◆ **REQUIREMENT**
Although the entries contain pictures, write out only their text, exactly as it stands.

◆ **SUPPLIED RECORDS**

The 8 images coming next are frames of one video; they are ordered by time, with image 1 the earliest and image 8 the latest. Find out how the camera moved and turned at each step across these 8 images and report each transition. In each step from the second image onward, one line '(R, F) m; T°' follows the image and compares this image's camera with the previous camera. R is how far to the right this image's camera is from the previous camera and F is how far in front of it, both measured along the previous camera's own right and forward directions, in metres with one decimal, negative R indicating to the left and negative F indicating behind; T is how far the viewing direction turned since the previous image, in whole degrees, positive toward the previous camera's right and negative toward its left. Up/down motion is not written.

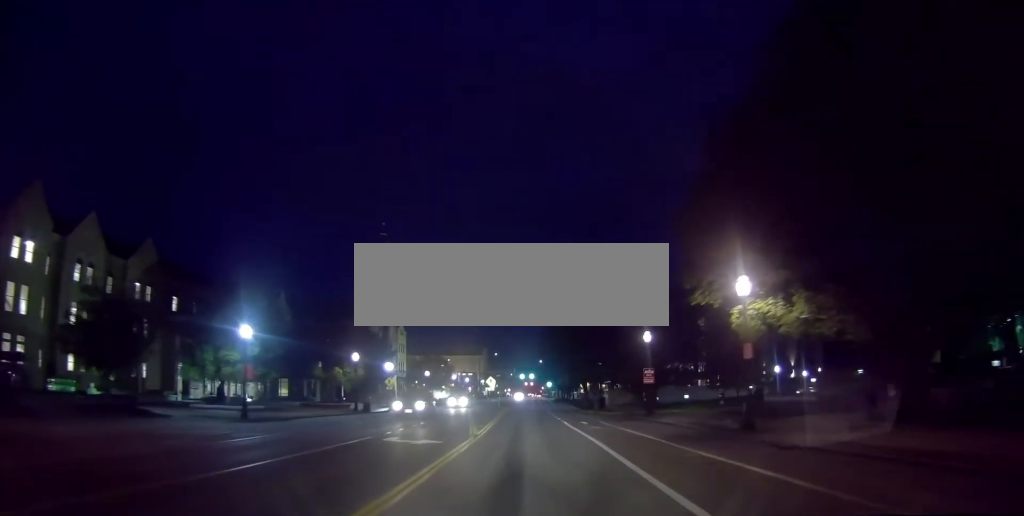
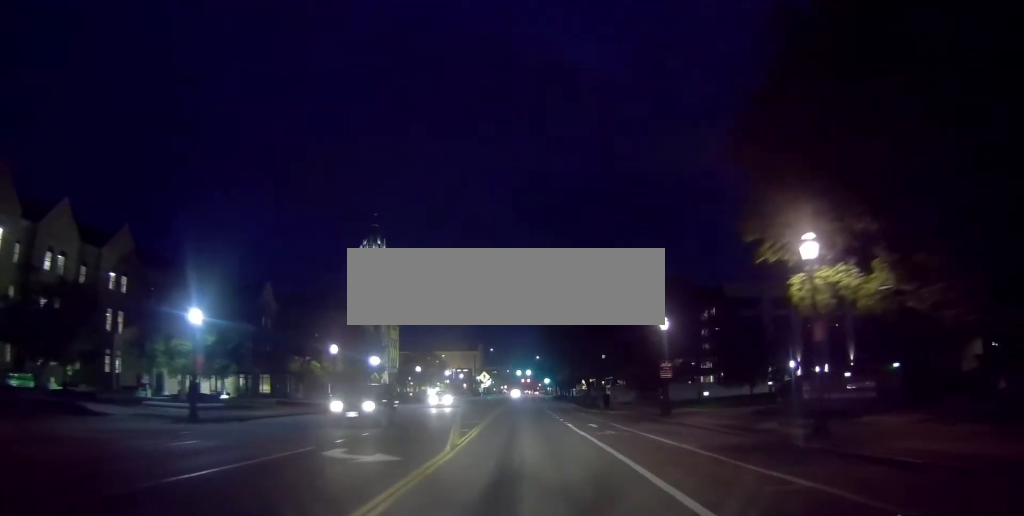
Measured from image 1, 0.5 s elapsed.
(0.0, +4.7) m; 0°
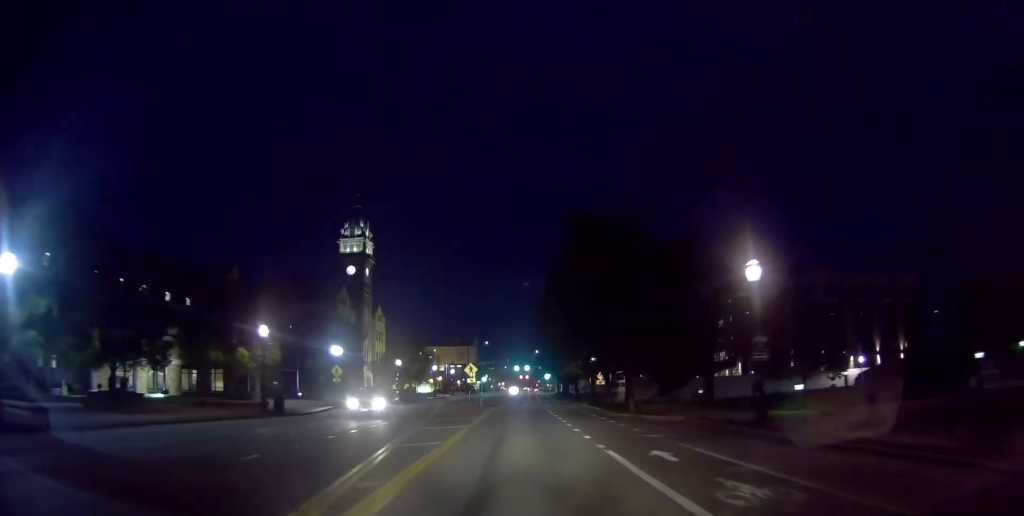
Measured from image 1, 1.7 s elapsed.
(0.0, +11.6) m; 0°
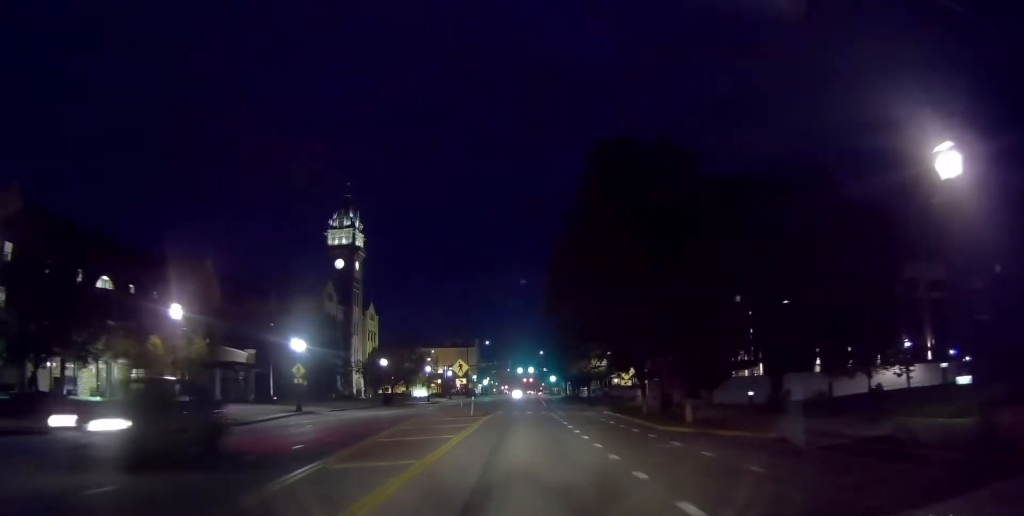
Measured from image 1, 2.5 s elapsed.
(0.0, +9.2) m; 0°
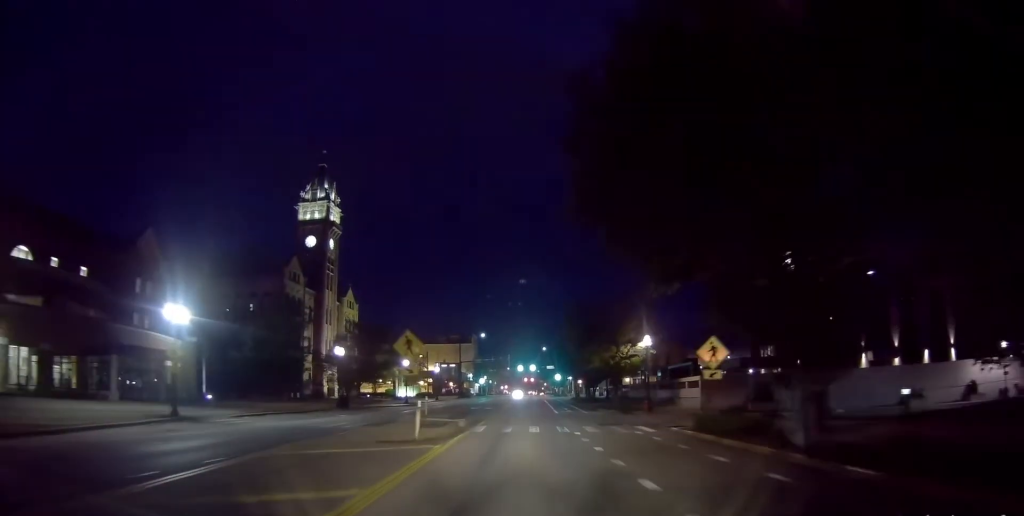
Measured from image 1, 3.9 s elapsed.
(0.0, +14.9) m; 0°
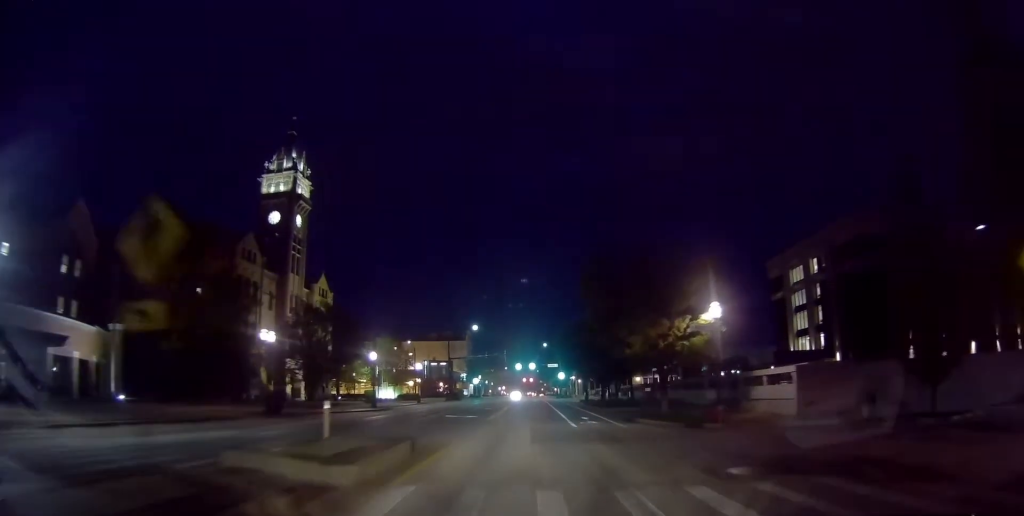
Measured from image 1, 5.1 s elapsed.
(0.0, +13.5) m; 0°
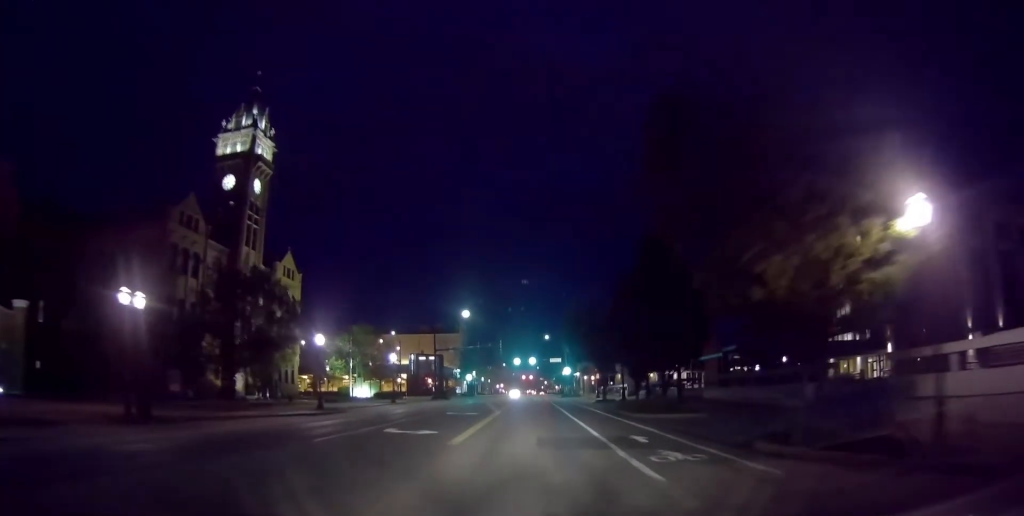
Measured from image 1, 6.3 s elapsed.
(0.0, +13.9) m; +1°
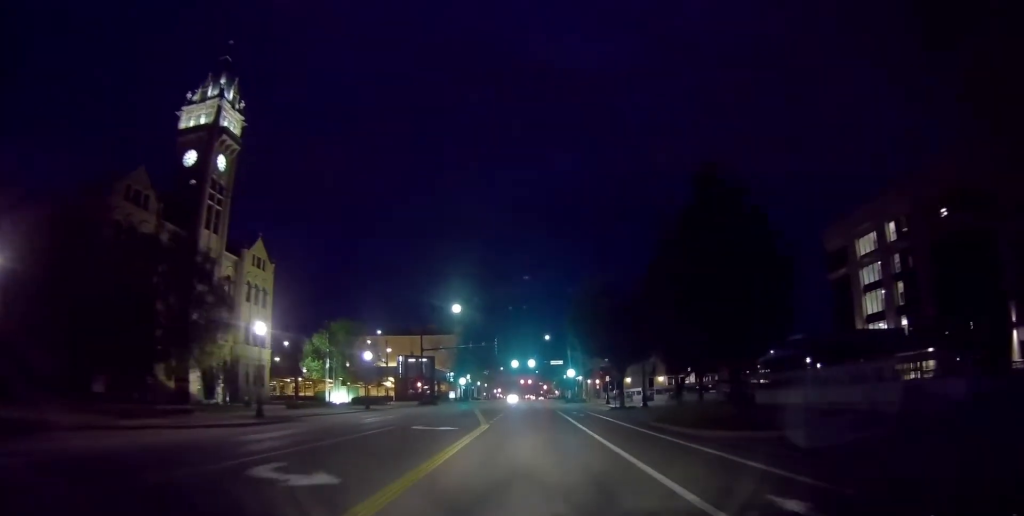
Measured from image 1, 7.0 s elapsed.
(+0.1, +8.7) m; +1°

◆ **FINISHED EXERCISE**
The 8 images coming next are frames of one video; they are ordered by time, with image 1 the earliest and image 8 the latest. Find out how the camera moved and turned at each step across these 8 images and report each transition. In each step from the second image onward, one line '(R, F) m; T°' follows the image and compares this image's camera with the previous camera. R is how far to the right this image's camera is from the previous camera and F is how far in front of it, both measured along the previous camera's own right and forward directions, in metres with one decimal, negative R indicating to the left and negative F indicating behind; T is how far the viewing direction turned since the previous image, in whole degrees, positive toward the previous camera's right and negative toward its left. Up/down motion is not written.

Measured from image 1, 0.5 s elapsed.
(0.0, +4.7) m; 0°
Measured from image 1, 1.7 s elapsed.
(0.0, +11.6) m; 0°
Measured from image 1, 2.5 s elapsed.
(0.0, +9.2) m; 0°
Measured from image 1, 3.9 s elapsed.
(0.0, +14.9) m; 0°
Measured from image 1, 5.1 s elapsed.
(0.0, +13.5) m; 0°
Measured from image 1, 6.3 s elapsed.
(0.0, +13.9) m; +1°
Measured from image 1, 7.0 s elapsed.
(+0.1, +8.7) m; +1°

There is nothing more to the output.